THE TASK: All of the data must be returned exactly as given.

DATA FOR ANALYSIS:
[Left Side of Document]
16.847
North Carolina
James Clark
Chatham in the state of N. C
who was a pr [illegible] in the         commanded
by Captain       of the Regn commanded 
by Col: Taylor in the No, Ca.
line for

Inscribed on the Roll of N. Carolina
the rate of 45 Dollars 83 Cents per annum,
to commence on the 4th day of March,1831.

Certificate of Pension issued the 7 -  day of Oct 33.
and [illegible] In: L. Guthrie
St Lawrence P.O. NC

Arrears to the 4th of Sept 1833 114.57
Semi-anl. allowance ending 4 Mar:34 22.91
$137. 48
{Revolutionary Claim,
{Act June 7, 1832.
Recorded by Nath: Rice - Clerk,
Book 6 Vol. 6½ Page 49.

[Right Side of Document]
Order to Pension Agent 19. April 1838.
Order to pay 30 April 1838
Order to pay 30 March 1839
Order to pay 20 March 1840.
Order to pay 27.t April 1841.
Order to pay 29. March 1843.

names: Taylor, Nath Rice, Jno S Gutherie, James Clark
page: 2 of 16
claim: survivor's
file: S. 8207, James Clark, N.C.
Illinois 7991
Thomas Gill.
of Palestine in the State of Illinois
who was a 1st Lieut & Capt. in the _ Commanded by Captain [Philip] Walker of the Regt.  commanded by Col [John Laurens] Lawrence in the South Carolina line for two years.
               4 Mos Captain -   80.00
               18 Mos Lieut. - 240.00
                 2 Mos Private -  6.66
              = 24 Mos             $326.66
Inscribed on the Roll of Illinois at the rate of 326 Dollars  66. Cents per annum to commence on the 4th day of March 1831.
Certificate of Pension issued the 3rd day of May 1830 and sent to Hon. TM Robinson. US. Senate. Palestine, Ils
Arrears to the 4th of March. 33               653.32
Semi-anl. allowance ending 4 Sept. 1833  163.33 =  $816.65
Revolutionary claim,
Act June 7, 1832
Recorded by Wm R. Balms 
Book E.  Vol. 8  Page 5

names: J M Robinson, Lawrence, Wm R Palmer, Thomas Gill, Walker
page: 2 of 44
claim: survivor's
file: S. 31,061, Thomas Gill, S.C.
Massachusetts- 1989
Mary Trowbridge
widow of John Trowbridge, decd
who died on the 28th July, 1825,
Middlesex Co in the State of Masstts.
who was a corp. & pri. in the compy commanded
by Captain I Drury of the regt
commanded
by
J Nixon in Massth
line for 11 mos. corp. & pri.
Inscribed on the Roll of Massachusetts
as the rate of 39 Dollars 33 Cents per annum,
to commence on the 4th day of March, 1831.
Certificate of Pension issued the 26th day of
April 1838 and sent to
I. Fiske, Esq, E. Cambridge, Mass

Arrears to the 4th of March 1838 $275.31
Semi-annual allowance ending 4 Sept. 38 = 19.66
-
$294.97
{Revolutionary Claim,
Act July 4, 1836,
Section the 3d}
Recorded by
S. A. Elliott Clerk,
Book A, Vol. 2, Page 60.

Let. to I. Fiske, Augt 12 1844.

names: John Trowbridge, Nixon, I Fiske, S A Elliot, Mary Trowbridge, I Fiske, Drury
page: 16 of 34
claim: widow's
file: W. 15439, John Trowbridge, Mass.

ANSWER TO THIS PROBLEM:
[Left Side of Document]
16.847
North Carolina
James Clark
Chatham in the state of N. C
who was a pr [illegible] in the         commanded
by Captain       of the Regn commanded 
by Col: Taylor in the No, Ca.
line for

Inscribed on the Roll of N. Carolina
the rate of 45 Dollars 83 Cents per annum,
to commence on the 4th day of March,1831.

Certificate of Pension issued the 7 -  day of Oct 33.
and [illegible] In: L. Guthrie
St Lawrence P.O. NC

Arrears to the 4th of Sept 1833 114.57
Semi-anl. allowance ending 4 Mar:34 22.91
$137. 48
{Revolutionary Claim,
{Act June 7, 1832.
Recorded by Nath: Rice - Clerk,
Book 6 Vol. 6½ Page 49.

[Right Side of Document]
Order to Pension Agent 19. April 1838.
Order to pay 30 April 1838
Order to pay 30 March 1839
Order to pay 20 March 1840.
Order to pay 27.t April 1841.
Order to pay 29. March 1843.

names: Taylor, Nath Rice, Jno S Gutherie, James Clark
page: 2 of 16
claim: survivor's
file: S. 8207, James Clark, N.C.
Illinois 7991
Thomas Gill.
of Palestine in the State of Illinois
who was a 1st Lieut & Capt. in the _ Commanded by Captain [Philip] Walker of the Regt.  commanded by Col [John Laurens] Lawrence in the South Carolina line for two years.
               4 Mos Captain -   80.00
               18 Mos Lieut. - 240.00
                 2 Mos Private -  6.66
              = 24 Mos             $326.66
Inscribed on the Roll of Illinois at the rate of 326 Dollars  66. Cents per annum to commence on the 4th day of March 1831.
Certificate of Pension issued the 3rd day of May 1830 and sent to Hon. TM Robinson. US. Senate. Palestine, Ils
Arrears to the 4th of March. 33               653.32
Semi-anl. allowance ending 4 Sept. 1833  163.33 =  $816.65
Revolutionary claim,
Act June 7, 1832
Recorded by Wm R. Balms 
Book E.  Vol. 8  Page 5

names: J M Robinson, Lawrence, Wm R Palmer, Thomas Gill, Walker
page: 2 of 44
claim: survivor's
file: S. 31,061, Thomas Gill, S.C.
Massachusetts- 1989
Mary Trowbridge
widow of John Trowbridge, decd
who died on the 28th July, 1825,
Middlesex Co in the State of Masstts.
who was a corp. & pri. in the compy commanded
by Captain I Drury of the regt
commanded
by
J Nixon in Massth
line for 11 mos. corp. & pri.
Inscribed on the Roll of Massachusetts
as the rate of 39 Dollars 33 Cents per annum,
to commence on the 4th day of March, 1831.
Certificate of Pension issued the 26th day of
April 1838 and sent to
I. Fiske, Esq, E. Cambridge, Mass

Arrears to the 4th of March 1838 $275.31
Semi-annual allowance ending 4 Sept. 38 = 19.66
-
$294.97
{Revolutionary Claim,
Act July 4, 1836,
Section the 3d}
Recorded by
S. A. Elliott Clerk,
Book A, Vol. 2, Page 60.

Let. to I. Fiske, Augt 12 1844.

names: John Trowbridge, Nixon, I Fiske, S A Elliot, Mary Trowbridge, I Fiske, Drury
page: 16 of 34
claim: widow's
file: W. 15439, John Trowbridge, Mass.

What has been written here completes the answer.